While people have tried to pin the blame on the usual media staples of unemployment, heavy-handed policing and poor parenting, none of these quite seem to fit what we've seen, how it's escalated, or why it's happening now. Martin Luther King Jr. once described riots as "the language of the unheard", but this is a riot, seemingly, without a message any more poignant than "it's rich people's fault" and "it's a good laugh".

And this leaves us with another possibility. In an age where the biggest cultural shifts are taking place through the mediums of smart phones and social media, adolescent rebellion simply went viral, and what we're witnessing is more akin to a socially irresponsible and egged on form of Flash mobbing. (In other words, the zombie analogy, complete with infectious, human-to-human transmitted virus - in this case a mind-virus, or 'meme' - actually still works, four paragraphs on.)

Of course, as evidenced in Egypt, and in the West's war on terror, you can't fight an idea the same way you fight people. We're not dealing with sides, but with a whole highly infectable demographic. Calls to shut down Blackberry Messenger and to bring in the army only risk turning mindless disorder into a real fight against oppression, and turning the situation into something less likely to fizzle out when people simply get bored.

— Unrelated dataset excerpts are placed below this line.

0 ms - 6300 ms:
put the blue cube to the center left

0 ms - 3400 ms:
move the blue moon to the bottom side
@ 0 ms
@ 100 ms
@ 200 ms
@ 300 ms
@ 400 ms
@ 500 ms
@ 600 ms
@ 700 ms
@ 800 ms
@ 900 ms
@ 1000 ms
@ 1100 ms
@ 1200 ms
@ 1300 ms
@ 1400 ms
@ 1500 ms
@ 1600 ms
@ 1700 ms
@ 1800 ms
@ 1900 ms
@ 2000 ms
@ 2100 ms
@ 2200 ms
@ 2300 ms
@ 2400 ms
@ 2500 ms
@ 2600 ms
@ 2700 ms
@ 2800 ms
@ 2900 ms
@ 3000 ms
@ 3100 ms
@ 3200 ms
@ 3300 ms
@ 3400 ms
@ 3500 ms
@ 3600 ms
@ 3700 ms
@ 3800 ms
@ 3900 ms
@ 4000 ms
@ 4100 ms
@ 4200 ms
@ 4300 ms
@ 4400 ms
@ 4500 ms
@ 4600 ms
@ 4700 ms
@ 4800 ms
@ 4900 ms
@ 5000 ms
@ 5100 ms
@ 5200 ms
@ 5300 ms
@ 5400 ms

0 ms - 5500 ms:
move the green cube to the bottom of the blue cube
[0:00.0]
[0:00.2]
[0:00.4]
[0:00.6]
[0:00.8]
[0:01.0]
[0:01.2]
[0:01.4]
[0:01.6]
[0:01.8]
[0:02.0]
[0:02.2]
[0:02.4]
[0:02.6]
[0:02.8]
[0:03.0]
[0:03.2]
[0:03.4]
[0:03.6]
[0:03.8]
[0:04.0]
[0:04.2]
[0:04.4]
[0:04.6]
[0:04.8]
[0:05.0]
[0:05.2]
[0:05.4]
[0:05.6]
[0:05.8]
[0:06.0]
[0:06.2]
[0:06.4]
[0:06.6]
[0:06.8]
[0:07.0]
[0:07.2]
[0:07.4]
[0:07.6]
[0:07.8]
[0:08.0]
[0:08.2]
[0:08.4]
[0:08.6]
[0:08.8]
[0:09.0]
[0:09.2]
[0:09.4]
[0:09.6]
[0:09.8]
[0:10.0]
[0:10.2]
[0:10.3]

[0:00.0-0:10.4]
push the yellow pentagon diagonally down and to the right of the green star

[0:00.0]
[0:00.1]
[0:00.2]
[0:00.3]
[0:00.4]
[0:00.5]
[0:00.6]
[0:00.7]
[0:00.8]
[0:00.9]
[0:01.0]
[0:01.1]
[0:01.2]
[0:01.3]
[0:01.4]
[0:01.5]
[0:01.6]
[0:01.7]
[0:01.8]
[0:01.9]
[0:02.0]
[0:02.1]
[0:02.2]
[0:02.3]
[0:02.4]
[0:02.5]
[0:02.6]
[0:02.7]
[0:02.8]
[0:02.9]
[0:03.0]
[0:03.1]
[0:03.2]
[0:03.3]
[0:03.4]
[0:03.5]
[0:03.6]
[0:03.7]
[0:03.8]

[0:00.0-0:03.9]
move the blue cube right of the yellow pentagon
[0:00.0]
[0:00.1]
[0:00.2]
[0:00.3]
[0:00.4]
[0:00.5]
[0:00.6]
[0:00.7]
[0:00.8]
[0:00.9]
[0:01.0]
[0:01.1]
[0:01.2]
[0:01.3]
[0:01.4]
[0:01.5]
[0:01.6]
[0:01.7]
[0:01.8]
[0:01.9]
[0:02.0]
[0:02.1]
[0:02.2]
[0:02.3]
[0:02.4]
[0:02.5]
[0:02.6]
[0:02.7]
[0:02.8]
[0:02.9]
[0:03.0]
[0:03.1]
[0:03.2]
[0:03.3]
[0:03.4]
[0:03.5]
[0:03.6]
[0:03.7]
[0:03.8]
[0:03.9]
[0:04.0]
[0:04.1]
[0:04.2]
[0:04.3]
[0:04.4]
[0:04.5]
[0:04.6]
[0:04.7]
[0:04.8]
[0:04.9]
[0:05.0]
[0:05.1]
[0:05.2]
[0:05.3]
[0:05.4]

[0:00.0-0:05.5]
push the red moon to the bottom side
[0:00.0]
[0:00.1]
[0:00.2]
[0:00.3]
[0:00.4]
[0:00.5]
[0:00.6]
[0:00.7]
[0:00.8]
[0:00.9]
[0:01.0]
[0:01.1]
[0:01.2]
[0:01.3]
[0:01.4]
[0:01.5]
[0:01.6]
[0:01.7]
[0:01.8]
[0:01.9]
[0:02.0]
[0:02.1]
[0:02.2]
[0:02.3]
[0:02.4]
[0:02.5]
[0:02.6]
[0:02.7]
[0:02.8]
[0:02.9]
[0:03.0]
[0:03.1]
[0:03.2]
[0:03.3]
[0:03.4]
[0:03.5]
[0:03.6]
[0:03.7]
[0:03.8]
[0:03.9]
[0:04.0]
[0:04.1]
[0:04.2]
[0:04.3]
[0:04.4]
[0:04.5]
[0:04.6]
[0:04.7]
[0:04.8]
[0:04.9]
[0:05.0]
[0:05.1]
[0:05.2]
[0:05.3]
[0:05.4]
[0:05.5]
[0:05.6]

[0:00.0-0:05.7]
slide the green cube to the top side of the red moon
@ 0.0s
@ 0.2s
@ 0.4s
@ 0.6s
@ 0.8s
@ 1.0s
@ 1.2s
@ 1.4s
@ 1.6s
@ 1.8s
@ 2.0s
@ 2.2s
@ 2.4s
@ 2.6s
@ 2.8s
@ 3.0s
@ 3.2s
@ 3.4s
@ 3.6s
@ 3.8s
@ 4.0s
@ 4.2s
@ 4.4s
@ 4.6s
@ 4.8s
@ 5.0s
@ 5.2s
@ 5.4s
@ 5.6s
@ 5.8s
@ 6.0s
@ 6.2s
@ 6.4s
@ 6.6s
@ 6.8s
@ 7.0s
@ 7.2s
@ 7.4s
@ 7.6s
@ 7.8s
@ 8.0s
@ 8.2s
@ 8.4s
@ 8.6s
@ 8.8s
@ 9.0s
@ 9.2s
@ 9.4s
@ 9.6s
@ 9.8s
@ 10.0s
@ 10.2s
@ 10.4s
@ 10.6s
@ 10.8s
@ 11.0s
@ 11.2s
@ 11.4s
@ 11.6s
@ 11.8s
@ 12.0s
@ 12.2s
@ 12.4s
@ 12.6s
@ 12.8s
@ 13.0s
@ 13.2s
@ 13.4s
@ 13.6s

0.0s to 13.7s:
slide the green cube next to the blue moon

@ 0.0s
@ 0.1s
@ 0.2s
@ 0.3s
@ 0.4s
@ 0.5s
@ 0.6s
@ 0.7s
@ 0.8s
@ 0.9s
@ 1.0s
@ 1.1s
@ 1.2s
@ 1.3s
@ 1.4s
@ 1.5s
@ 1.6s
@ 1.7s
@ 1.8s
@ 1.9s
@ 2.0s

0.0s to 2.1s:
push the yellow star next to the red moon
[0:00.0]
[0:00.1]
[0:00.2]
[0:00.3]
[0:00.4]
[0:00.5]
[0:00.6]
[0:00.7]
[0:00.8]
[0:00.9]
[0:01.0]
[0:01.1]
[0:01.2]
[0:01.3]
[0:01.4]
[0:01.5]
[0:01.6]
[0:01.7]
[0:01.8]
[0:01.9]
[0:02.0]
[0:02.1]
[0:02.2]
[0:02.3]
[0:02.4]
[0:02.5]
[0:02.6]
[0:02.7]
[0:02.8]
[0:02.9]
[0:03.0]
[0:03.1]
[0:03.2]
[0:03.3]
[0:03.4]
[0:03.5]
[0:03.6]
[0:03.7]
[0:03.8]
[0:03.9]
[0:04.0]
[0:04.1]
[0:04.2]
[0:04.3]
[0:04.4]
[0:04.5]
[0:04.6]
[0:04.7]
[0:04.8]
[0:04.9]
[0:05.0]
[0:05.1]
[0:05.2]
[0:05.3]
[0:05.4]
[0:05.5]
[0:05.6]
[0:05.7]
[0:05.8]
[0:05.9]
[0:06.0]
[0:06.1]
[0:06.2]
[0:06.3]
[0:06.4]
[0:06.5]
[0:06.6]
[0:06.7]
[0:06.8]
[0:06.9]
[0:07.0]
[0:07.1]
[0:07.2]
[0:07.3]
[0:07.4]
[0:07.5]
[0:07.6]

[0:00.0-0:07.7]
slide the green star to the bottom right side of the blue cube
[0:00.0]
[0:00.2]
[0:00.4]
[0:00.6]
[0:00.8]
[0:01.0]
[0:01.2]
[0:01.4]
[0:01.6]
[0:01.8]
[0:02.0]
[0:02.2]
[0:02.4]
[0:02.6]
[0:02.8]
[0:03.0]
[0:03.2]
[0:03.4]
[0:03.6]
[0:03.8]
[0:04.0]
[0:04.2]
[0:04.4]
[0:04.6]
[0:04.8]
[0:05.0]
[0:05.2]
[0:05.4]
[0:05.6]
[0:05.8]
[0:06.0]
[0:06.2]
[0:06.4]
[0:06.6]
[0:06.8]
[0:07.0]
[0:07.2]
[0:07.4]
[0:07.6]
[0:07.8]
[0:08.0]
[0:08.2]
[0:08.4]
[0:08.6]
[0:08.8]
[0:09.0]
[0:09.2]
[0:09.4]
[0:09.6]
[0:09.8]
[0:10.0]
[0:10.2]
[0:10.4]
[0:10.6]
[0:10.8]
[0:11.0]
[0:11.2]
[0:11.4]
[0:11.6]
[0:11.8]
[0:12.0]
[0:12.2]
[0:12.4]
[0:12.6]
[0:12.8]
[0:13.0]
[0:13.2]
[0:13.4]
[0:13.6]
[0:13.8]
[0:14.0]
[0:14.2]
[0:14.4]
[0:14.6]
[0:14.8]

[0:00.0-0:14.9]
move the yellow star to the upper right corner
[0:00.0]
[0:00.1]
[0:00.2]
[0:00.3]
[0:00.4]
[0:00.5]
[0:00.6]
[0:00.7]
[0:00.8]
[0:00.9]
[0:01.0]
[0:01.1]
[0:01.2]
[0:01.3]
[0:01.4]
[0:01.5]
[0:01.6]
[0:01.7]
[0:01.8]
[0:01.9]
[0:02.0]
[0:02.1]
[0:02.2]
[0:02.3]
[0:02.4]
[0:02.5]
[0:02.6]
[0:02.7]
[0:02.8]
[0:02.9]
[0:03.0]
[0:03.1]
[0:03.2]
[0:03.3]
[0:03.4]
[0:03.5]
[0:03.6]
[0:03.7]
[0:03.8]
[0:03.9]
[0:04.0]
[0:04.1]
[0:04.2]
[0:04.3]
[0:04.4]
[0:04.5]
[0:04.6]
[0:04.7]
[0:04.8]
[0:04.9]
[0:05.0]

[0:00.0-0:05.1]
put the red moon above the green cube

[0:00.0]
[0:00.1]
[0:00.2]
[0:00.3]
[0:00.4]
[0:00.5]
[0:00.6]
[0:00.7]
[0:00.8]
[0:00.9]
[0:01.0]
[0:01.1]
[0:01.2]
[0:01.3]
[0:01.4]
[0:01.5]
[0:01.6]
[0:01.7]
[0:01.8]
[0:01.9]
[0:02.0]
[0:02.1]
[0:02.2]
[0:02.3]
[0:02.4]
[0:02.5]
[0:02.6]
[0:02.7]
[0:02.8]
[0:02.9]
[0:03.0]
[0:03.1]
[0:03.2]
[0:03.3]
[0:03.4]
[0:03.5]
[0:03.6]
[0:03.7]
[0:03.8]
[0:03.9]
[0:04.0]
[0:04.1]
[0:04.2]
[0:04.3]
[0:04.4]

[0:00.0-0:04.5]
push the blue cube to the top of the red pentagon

If there's a better solution, it's to fight the idea itself. And this would start with minimising sensationalist news coverage. Iconic shots of masked youths against dystopian, flame-filled backdrops on every newspaper only fuels the sense of excitement. Focusing instead on the positive stories - such as communities brought together by actions like #RiotCleanUp - sends a completely different message, and takes the focus away from the rioters. While social media may have facilitated the outbreak, it's also facilitated the clean up, helped identify many of the perpetrators, and become a platform for musicians and media figures to publicly condemn their actions.

The real danger here is that these events will simply give government a legitimate reason to demonise children and espouse the dangers of under-regulated social media. And you can guarantee, once we accept these, they'll be used indiscriminately - our very own homegrown terror cells; the ultimate 'beast within' that can be leveraged at any time to enact all sorts of authoritarian ideas. "No one saw this coming", so how could you predict it happening again in the future, right?

But this isn't about a volatile and dangerous new enemy. It's mostly just about teenage kicks in the new information age. This doesn't excuse the actions of those responsible - on the contrary, pinning the blame on bad parenting, consumerism and immigration seems to go a long way towards exonerating and justifying it completely - but there will always be bad parenting, just as there will always be those who feel they're entitled to take what the next class up takes for granted, mob rule will never develop a conscience, and we'll always be despairing over an inexplicably rebellious and irresponsible younger generation.

Or, if you'd prefer, there'll always be larger water cannons to use on the streets and larger sticks to use in classrooms.

"I see no hope for the future of our people if they are dependent on frivolous youth of today, for certainly all youth are reckless beyond words... When I was young, we were taught to be discreet and respectful of elders, but the present youth are exceedingly disrespectful and impatient of restraint."